TL;DR
Welcome newcomers, thanks for the support.
We’re Pete and Serena, together we’re CLUBSTACK®. Thanks to a few kind souls (Charlotte, cheers) and some dumb luck, we now have a reasonably sized audience.
Thus far, this platform has been: a) a creative outlet b) a community space c) a useful service. Our goal is to provide information, insight and opportunities for connection, centered around New York’s myriad dancefloors.
What We Are: a platform to promote sweaty, inclusive dancefloors that champion connection and community. More specifically we are…
A Substack: musings about the club, the New York scene and our internal world while dancing.
An Instagram: trying to amplify the reach of events that align with our values and further the sustainable growth of our community, trying new modes of creative promotion.
A Hotline: +1 (332) 699-6960; this is our most theoretically useful arm.

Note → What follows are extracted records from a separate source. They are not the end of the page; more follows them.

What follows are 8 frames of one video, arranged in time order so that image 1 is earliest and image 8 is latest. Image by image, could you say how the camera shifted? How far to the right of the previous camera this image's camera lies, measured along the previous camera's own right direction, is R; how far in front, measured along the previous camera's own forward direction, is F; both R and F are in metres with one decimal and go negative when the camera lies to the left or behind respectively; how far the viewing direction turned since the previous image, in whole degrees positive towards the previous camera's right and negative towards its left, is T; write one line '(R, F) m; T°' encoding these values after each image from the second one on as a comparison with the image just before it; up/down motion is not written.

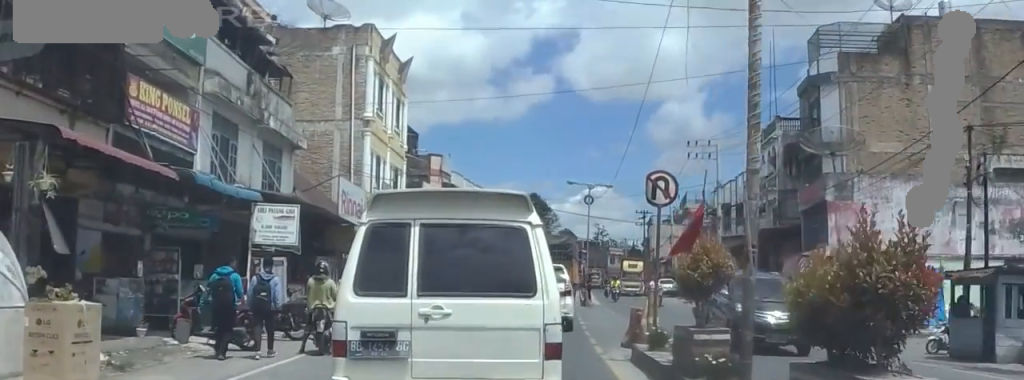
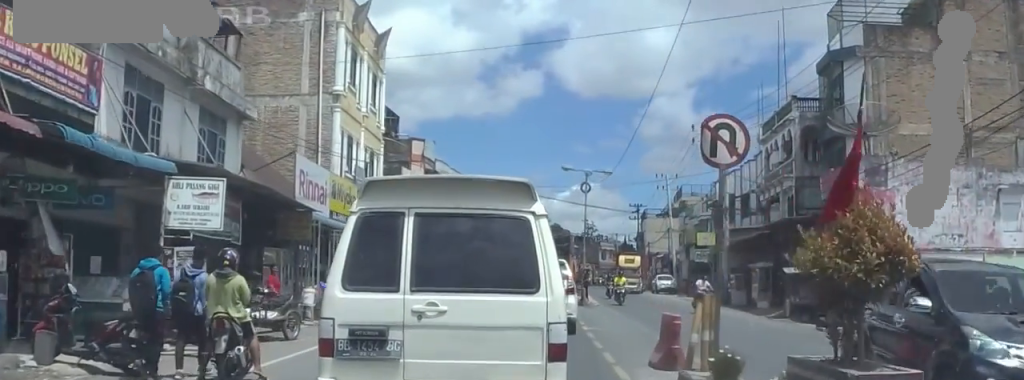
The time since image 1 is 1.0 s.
(0.0, +10.4) m; -6°
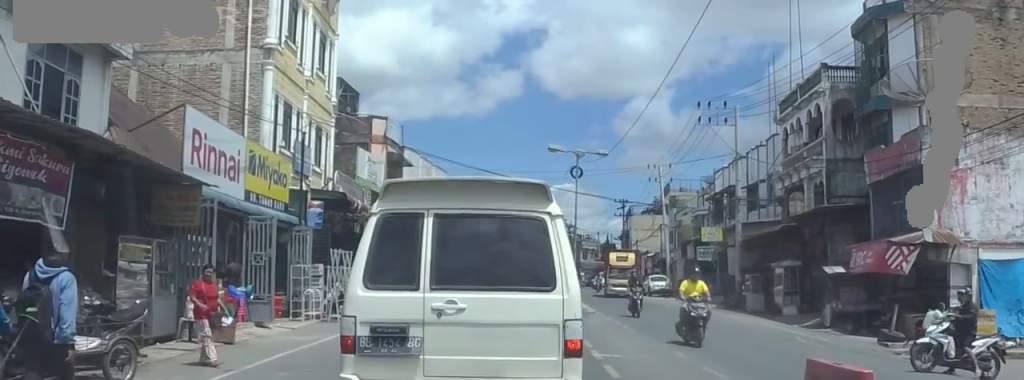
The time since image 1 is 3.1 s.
(-2.1, +21.5) m; -8°
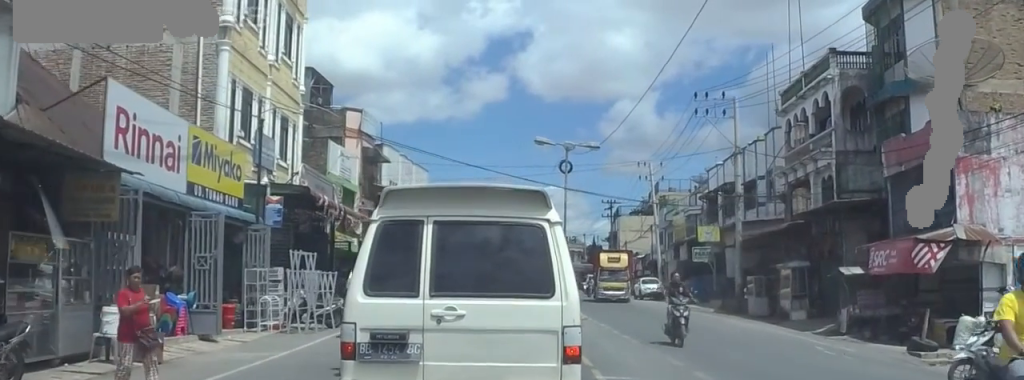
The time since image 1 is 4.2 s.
(-0.3, +10.8) m; +2°
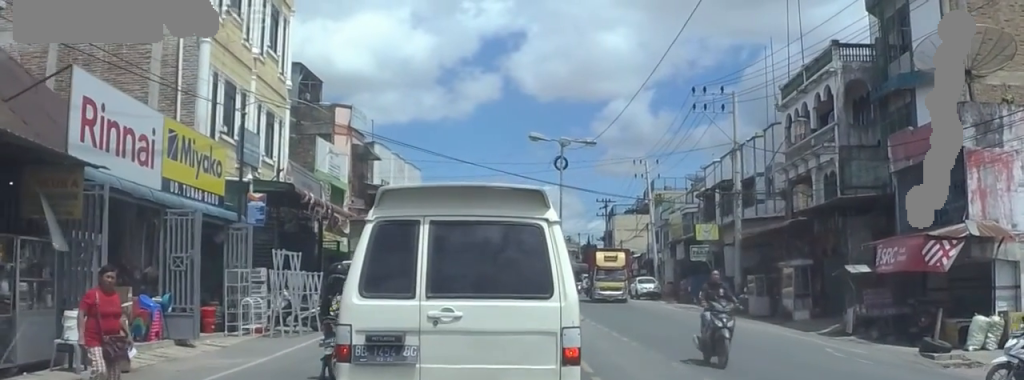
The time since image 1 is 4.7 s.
(+0.1, +4.3) m; +3°
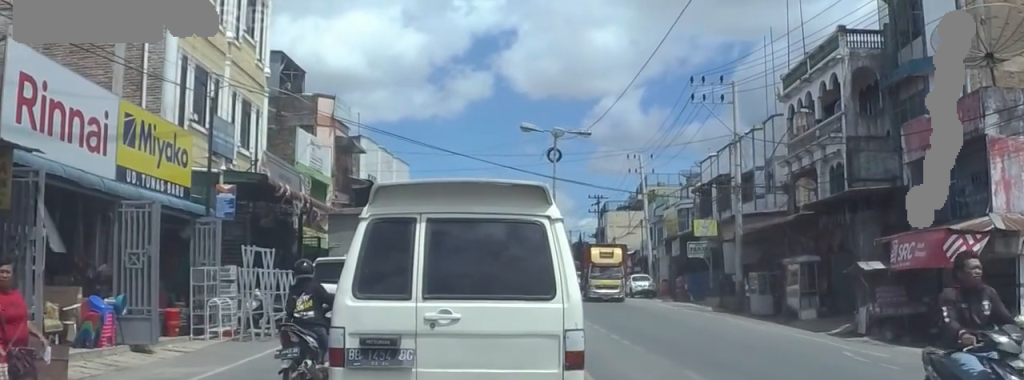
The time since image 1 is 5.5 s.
(+0.5, +7.7) m; +3°
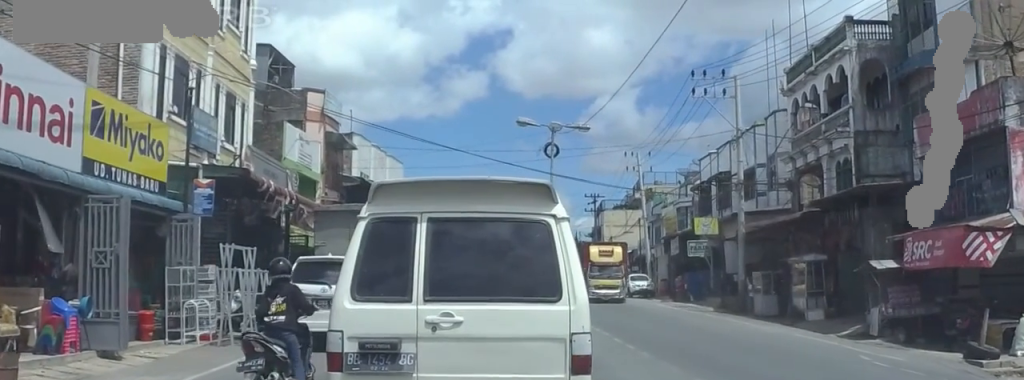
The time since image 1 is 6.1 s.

We want to provide an opportunity for folks to find new dancefloors without having to enter the vast wasteland that is social media. Give us a call!
What We’re Working On
Events: Not much to say here as of yet, but, given our love for dancing, you can be damned sure we’ll throw a good party when it’s time.
Fostering Collaboration: We hope to find intellectual kin. We want to establish tangible spaces and opportunities for conversation and analysis.
Merch and Flea Market: Coming soon, stay tuned.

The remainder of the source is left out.